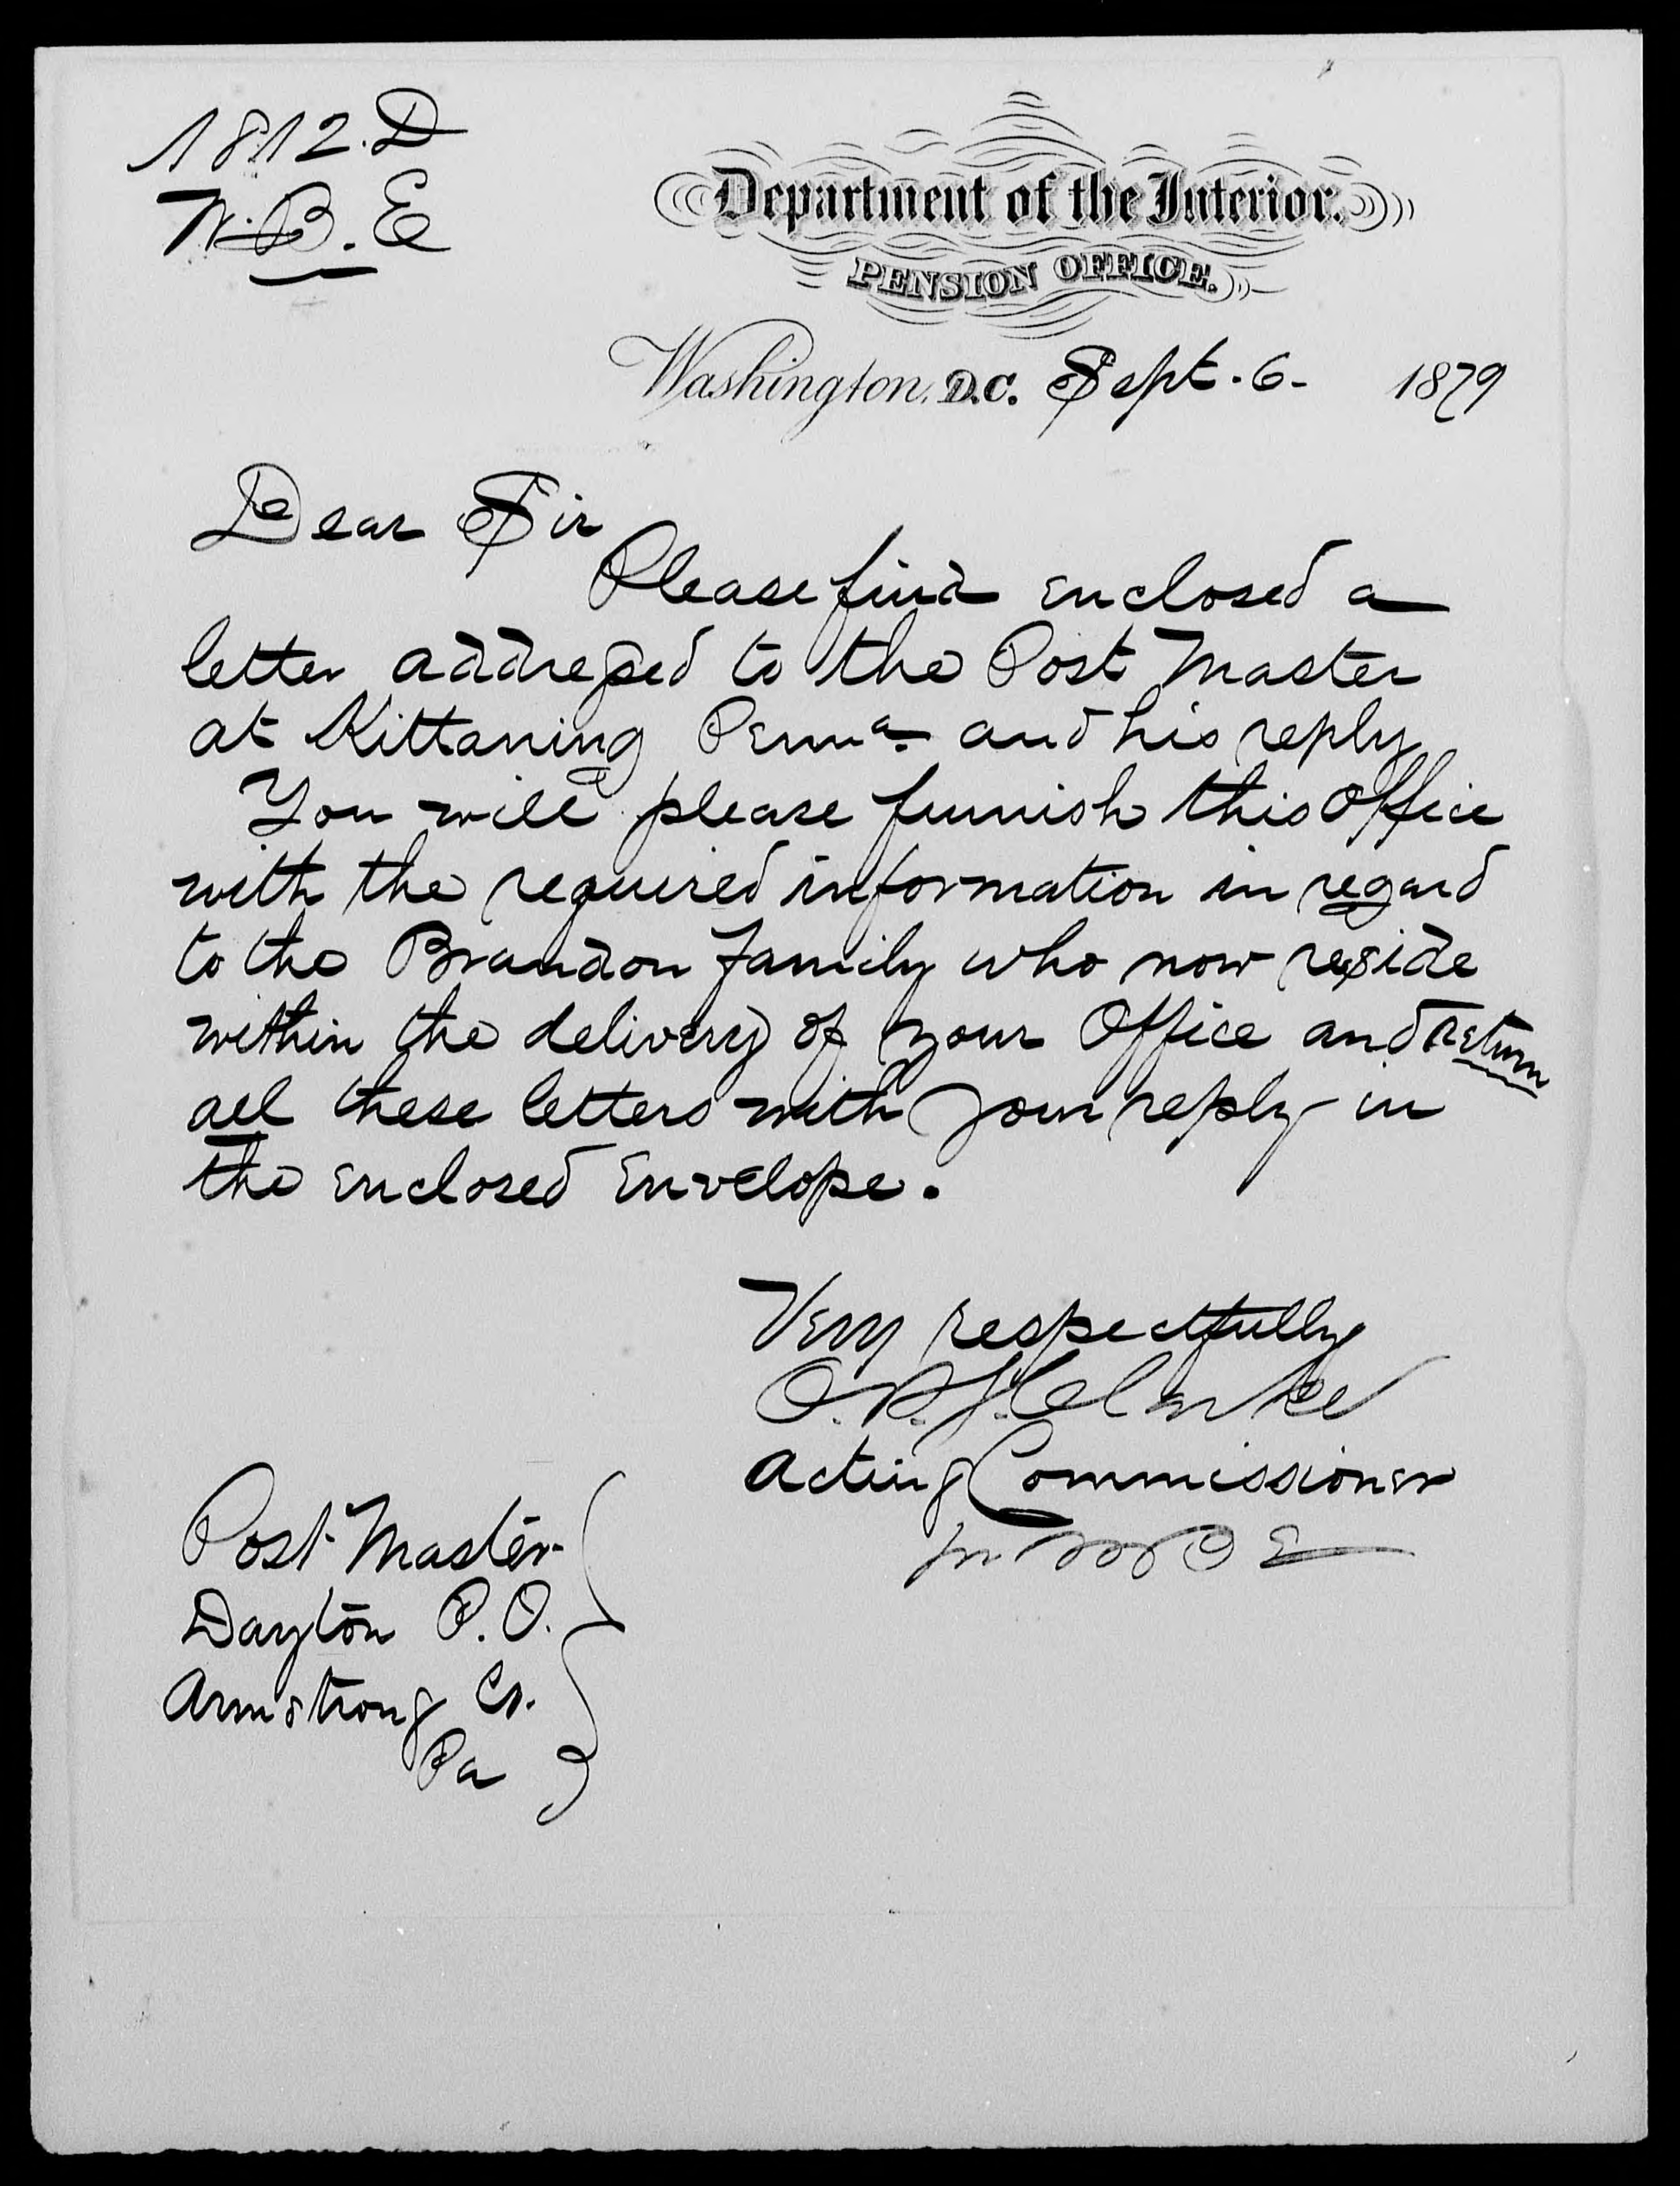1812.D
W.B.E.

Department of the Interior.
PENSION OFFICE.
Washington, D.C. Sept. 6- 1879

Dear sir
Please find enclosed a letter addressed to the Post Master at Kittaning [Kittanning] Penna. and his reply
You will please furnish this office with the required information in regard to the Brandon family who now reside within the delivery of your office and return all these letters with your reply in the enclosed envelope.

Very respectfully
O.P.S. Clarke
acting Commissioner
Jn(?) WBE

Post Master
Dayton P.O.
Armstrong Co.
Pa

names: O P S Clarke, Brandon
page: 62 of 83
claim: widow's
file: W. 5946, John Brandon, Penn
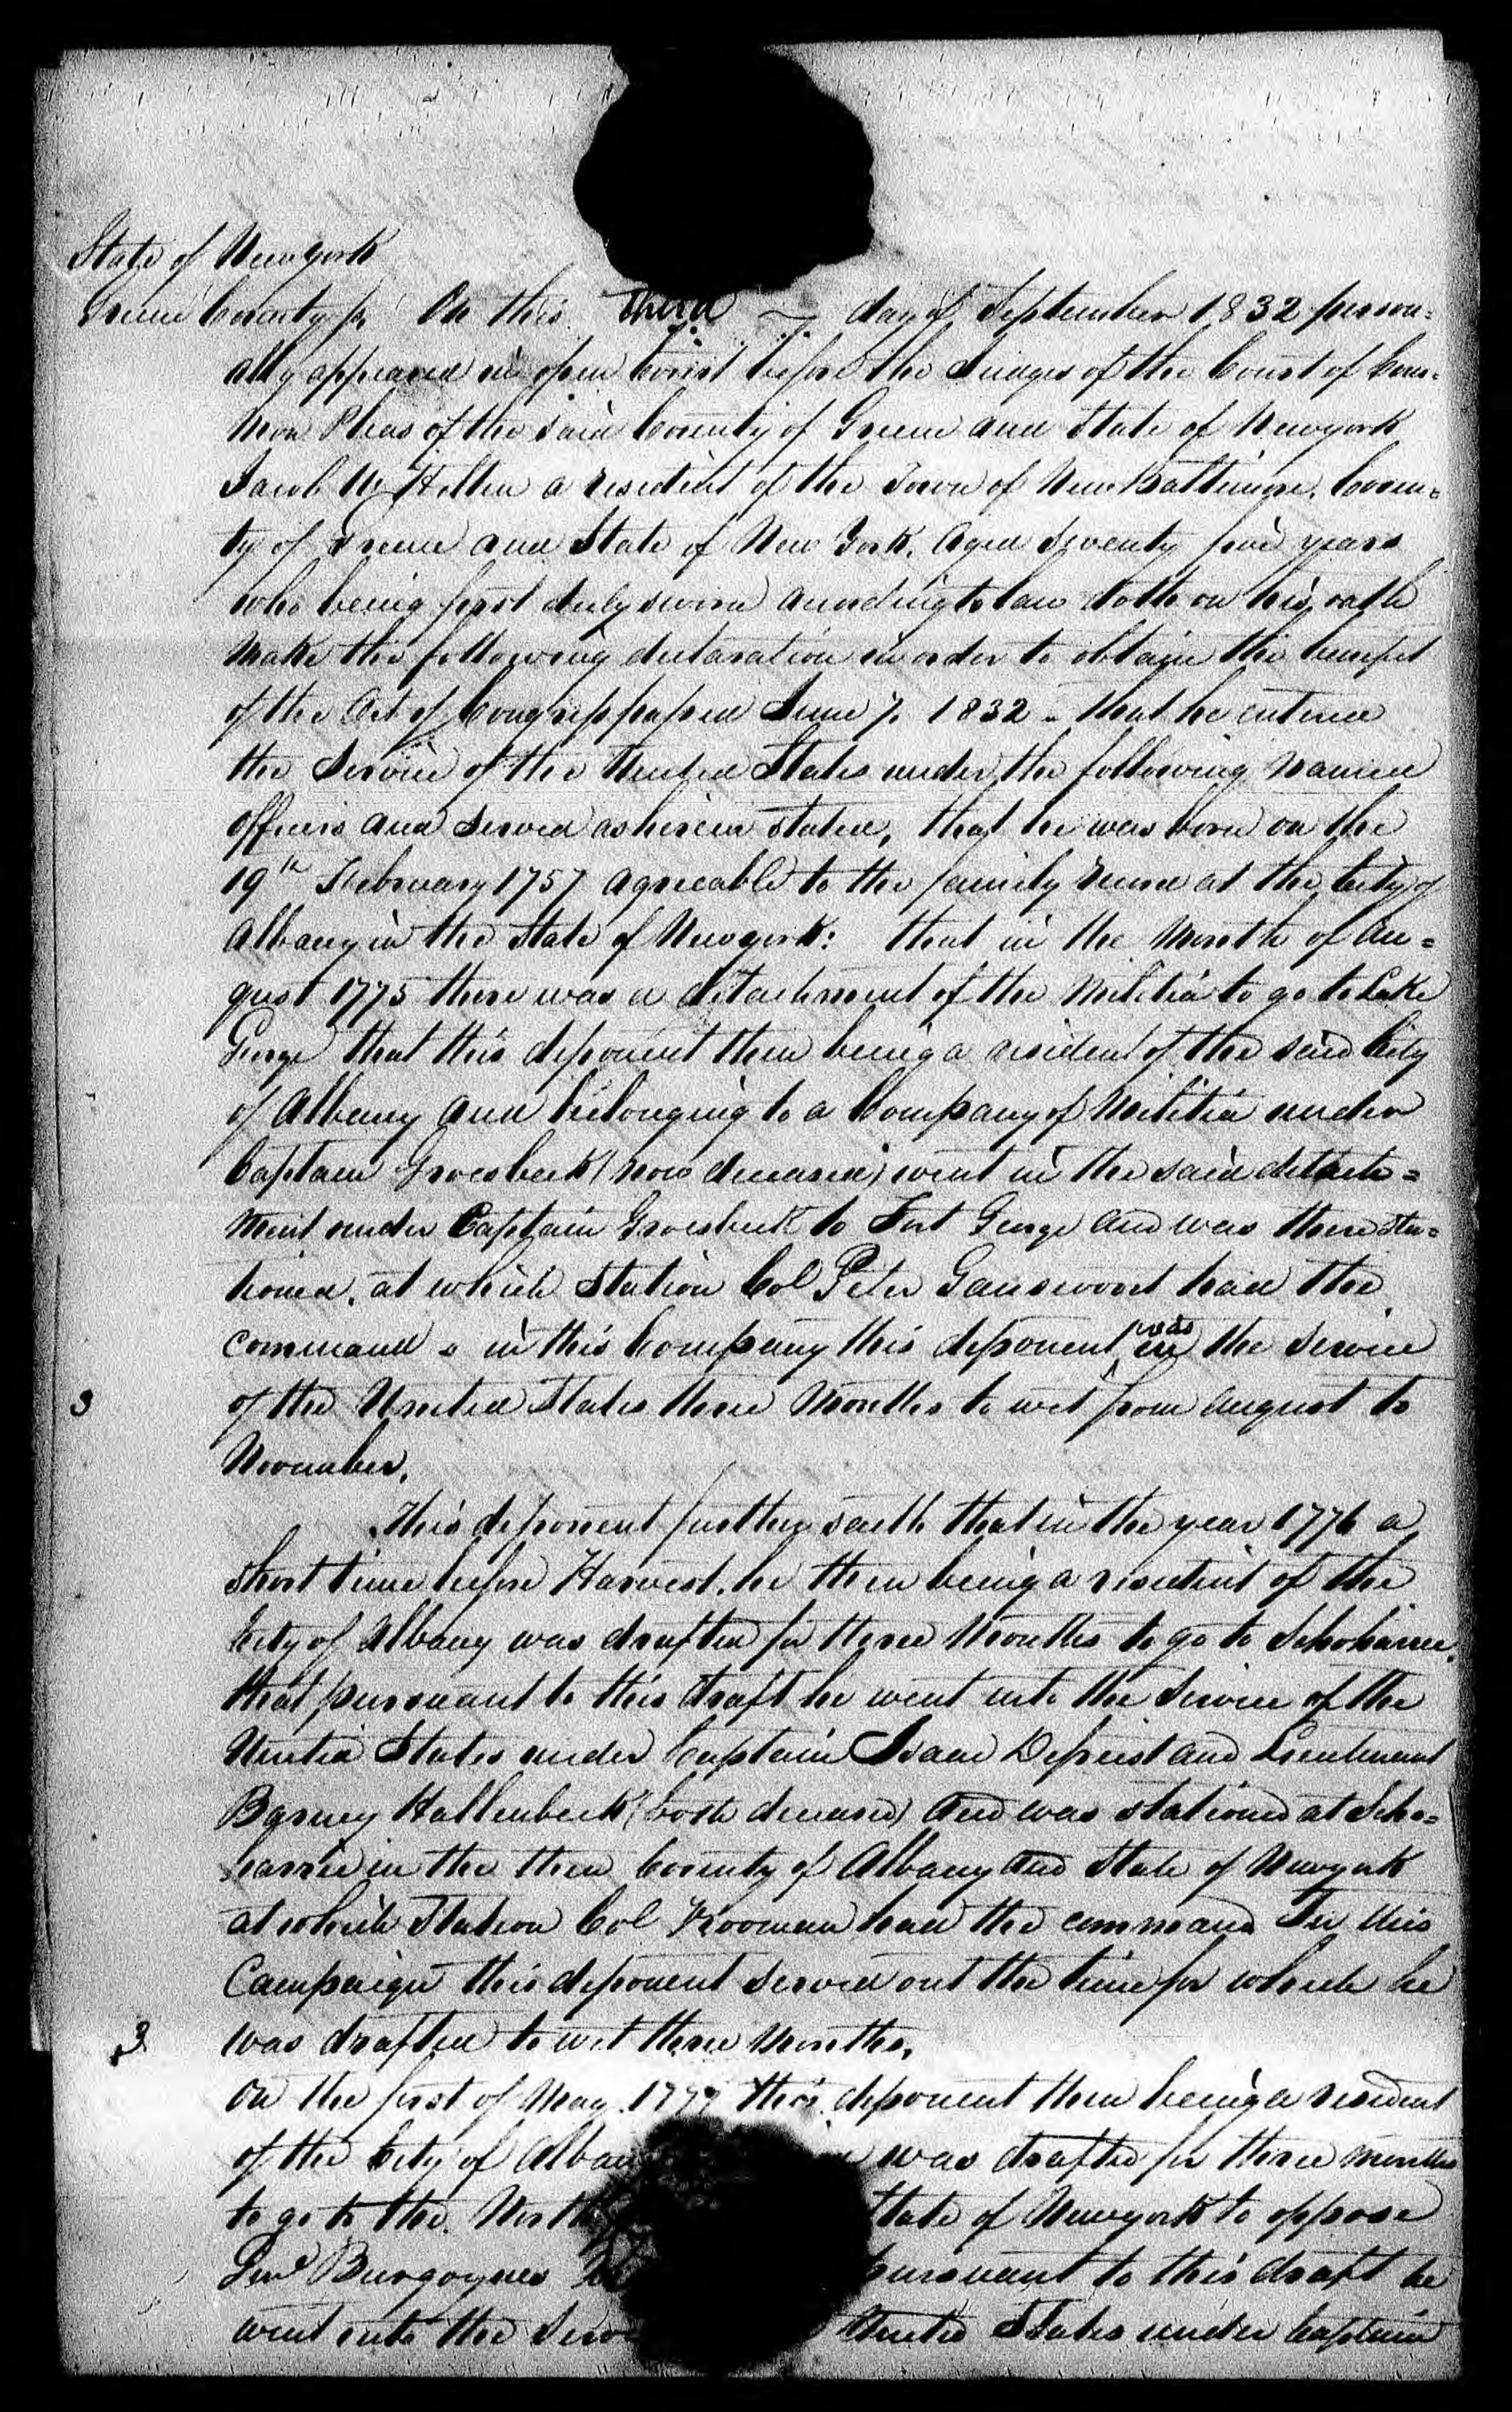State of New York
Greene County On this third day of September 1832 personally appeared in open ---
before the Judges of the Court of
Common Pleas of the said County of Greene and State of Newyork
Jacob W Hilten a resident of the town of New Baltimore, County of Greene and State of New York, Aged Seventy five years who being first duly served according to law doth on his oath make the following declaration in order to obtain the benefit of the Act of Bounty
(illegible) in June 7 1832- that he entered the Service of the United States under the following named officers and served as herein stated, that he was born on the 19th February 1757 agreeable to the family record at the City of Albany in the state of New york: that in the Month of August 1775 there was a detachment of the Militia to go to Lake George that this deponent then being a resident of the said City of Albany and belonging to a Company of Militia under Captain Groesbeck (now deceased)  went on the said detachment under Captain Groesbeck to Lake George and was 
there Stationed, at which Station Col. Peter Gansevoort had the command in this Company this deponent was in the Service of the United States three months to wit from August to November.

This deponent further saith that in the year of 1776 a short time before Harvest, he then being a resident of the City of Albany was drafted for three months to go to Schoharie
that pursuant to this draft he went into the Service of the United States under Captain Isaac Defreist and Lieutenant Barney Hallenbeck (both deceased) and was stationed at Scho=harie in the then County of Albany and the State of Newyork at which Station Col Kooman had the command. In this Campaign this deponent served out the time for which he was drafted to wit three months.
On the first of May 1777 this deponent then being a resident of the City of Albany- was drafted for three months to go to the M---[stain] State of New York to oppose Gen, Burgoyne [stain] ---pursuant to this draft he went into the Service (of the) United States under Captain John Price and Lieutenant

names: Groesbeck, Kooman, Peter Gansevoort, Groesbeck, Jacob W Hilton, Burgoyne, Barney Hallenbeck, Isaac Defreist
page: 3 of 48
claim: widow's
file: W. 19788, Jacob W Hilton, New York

■ ■ ■ ■ ■ ■ ■

(WHAT IS BEING ASKED):
Retype word for word all the material given above, and keep the pictures out.

(FINISHED TASK):
1812.D
W.B.E.

Department of the Interior.
PENSION OFFICE.
Washington, D.C. Sept. 6- 1879

Dear sir
Please find enclosed a letter addressed to the Post Master at Kittaning [Kittanning] Penna. and his reply
You will please furnish this office with the required information in regard to the Brandon family who now reside within the delivery of your office and return all these letters with your reply in the enclosed envelope.

Very respectfully
O.P.S. Clarke
acting Commissioner
Jn(?) WBE

Post Master
Dayton P.O.
Armstrong Co.
Pa

names: O P S Clarke, Brandon
page: 62 of 83
claim: widow's
file: W. 5946, John Brandon, Penn
State of New York
Greene County On this third day of September 1832 personally appeared in open ---
before the Judges of the Court of
Common Pleas of the said County of Greene and State of Newyork
Jacob W Hilten a resident of the town of New Baltimore, County of Greene and State of New York, Aged Seventy five years who being first duly served according to law doth on his oath make the following declaration in order to obtain the benefit of the Act of Bounty
(illegible) in June 7 1832- that he entered the Service of the United States under the following named officers and served as herein stated, that he was born on the 19th February 1757 agreeable to the family record at the City of Albany in the state of New york: that in the Month of August 1775 there was a detachment of the Militia to go to Lake George that this deponent then being a resident of the said City of Albany and belonging to a Company of Militia under Captain Groesbeck (now deceased)  went on the said detachment under Captain Groesbeck to Lake George and was 
there Stationed, at which Station Col. Peter Gansevoort had the command in this Company this deponent was in the Service of the United States three months to wit from August to November.

This deponent further saith that in the year of 1776 a short time before Harvest, he then being a resident of the City of Albany was drafted for three months to go to Schoharie
that pursuant to this draft he went into the Service of the United States under Captain Isaac Defreist and Lieutenant Barney Hallenbeck (both deceased) and was stationed at Scho=harie in the then County of Albany and the State of Newyork at which Station Col Kooman had the command. In this Campaign this deponent served out the time for which he was drafted to wit three months.
On the first of May 1777 this deponent then being a resident of the City of Albany- was drafted for three months to go to the M---[stain] State of New York to oppose Gen, Burgoyne [stain] ---pursuant to this draft he went into the Service (of the) United States under Captain John Price and Lieutenant

names: Groesbeck, Kooman, Peter Gansevoort, Groesbeck, Jacob W Hilton, Burgoyne, Barney Hallenbeck, Isaac Defreist
page: 3 of 48
claim: widow's
file: W. 19788, Jacob W Hilton, New York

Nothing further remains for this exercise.